**About this exercise**.
Search the material below for the string "Supported". Return every line that holds it.

**Data**.
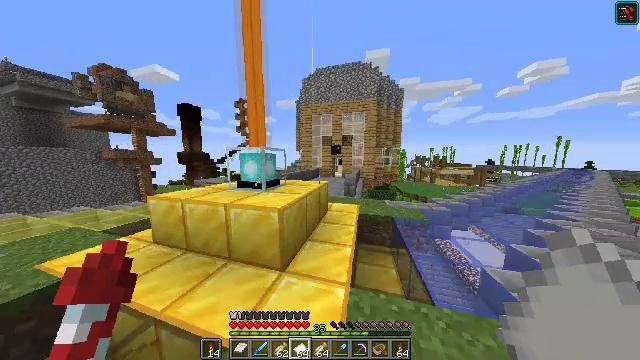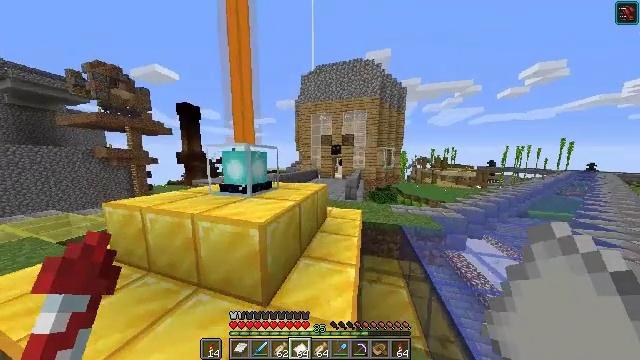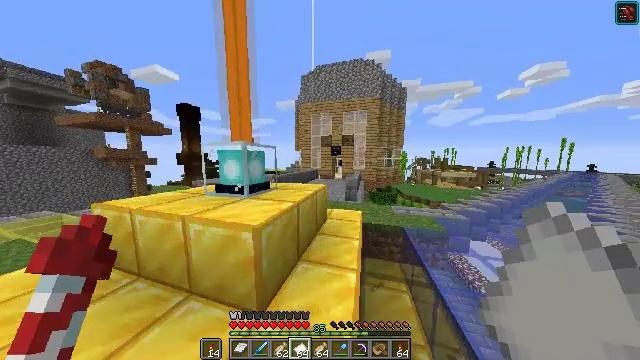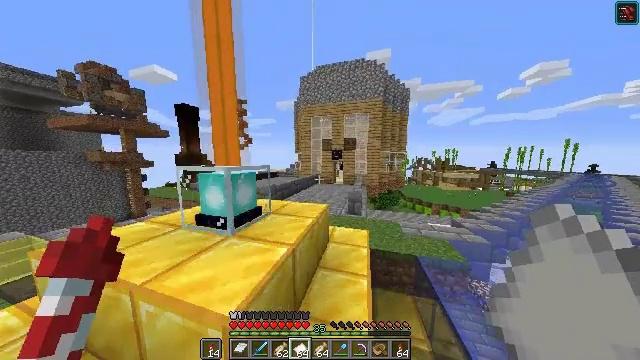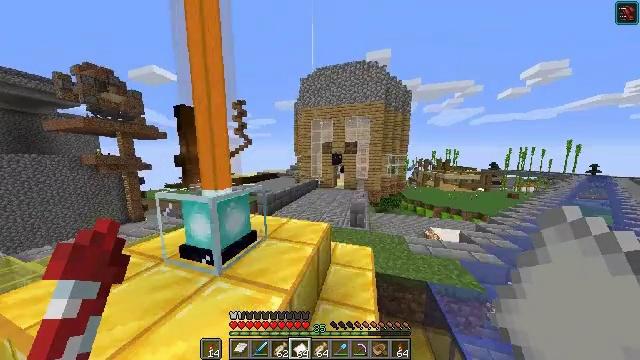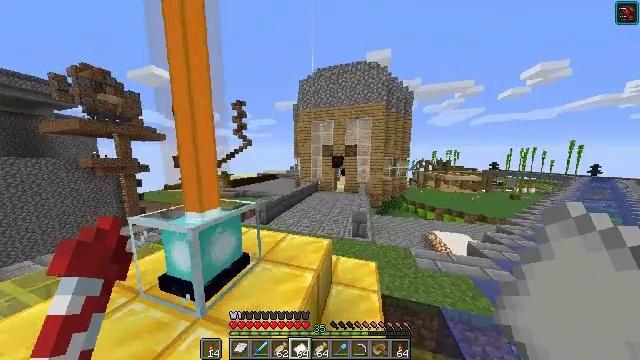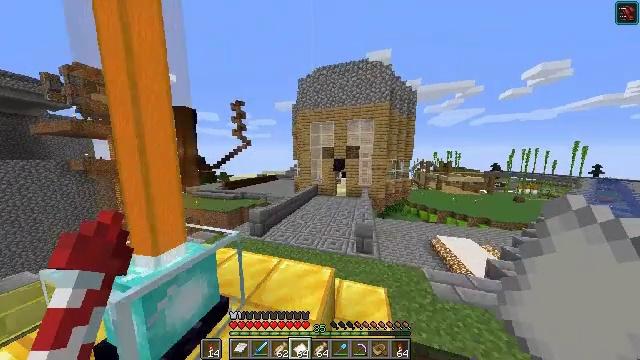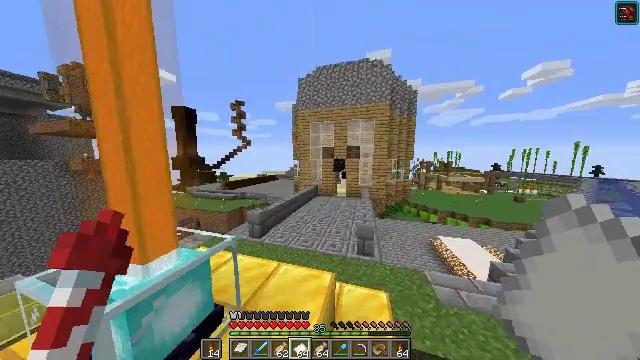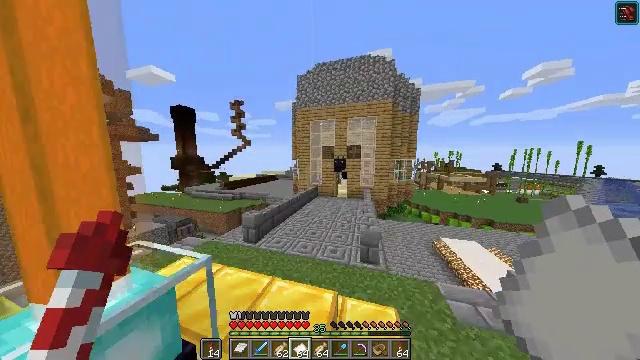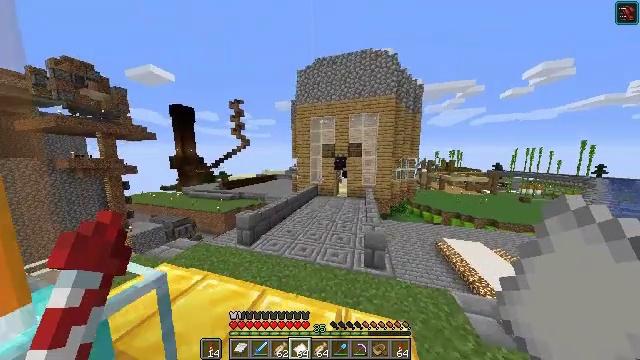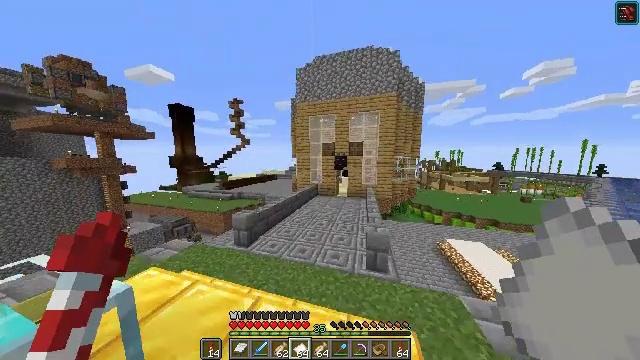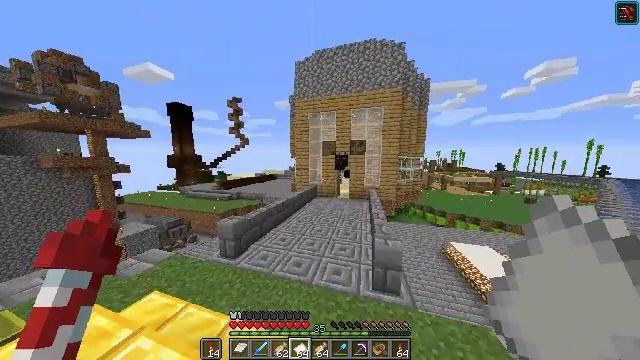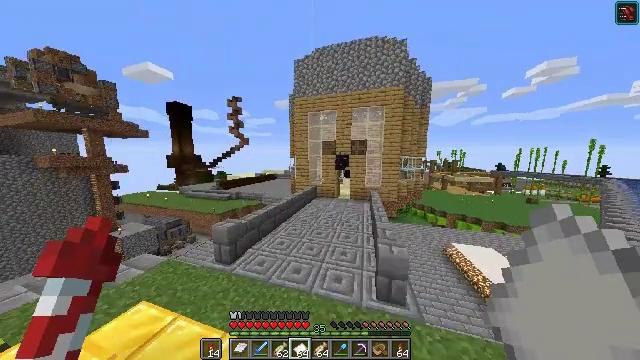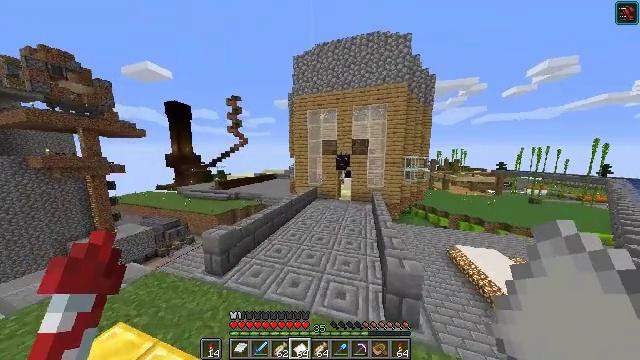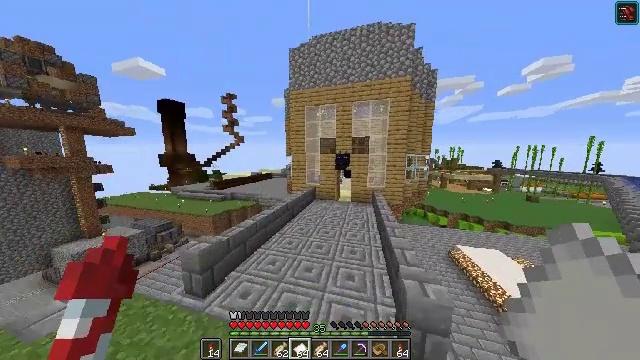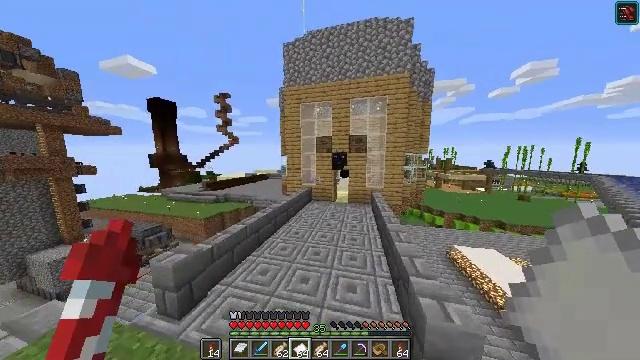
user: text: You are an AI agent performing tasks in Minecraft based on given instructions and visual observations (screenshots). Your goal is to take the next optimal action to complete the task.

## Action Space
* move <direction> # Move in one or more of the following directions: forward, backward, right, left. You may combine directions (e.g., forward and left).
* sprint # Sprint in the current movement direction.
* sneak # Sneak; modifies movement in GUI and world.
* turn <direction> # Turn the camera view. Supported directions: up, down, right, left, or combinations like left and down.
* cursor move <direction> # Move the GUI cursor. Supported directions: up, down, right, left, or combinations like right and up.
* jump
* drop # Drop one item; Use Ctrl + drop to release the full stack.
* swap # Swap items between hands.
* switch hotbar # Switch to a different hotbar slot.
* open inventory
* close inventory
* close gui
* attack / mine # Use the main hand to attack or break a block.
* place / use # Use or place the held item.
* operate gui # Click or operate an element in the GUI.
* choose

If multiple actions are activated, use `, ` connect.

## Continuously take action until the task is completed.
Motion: motion action
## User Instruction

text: Use paper and a compass to craft a map.
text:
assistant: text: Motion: move forward
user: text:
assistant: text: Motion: move forward, jump
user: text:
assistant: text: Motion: move forward, jump
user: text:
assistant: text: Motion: move forward, jump
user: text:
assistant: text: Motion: move forward, jump
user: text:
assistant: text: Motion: move forward, jump
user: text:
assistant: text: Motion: move forward
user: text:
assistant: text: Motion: move forward
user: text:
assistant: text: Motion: move forward
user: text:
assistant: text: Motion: move forward
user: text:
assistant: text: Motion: move forward
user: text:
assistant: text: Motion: move forward
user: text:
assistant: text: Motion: move forward
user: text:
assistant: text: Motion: move forward
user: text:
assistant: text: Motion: move forward, turn right
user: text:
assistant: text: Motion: move forward, turn right
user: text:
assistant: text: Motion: move forward
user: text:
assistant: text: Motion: move forward, turn left and up
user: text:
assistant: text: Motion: move forward
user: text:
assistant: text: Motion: move forward, turn down
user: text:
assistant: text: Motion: move forward, turn right and down
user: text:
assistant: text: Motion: move forward, turn right
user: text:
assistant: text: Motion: move forward, turn right
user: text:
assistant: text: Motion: move forward, turn right
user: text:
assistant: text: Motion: move forward
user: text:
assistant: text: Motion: move forward
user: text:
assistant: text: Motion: move forward, turn left and down
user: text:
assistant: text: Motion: move forward, turn left
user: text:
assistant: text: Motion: move forward, turn left
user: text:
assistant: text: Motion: move forward, turn left

**Answer to this task**.
* turn <direction> # Turn the camera view. Supported directions: up, down, right, left, or combinations like left and down.
* cursor move <direction> # Move the GUI cursor. Supported directions: up, down, right, left, or combinations like right and up.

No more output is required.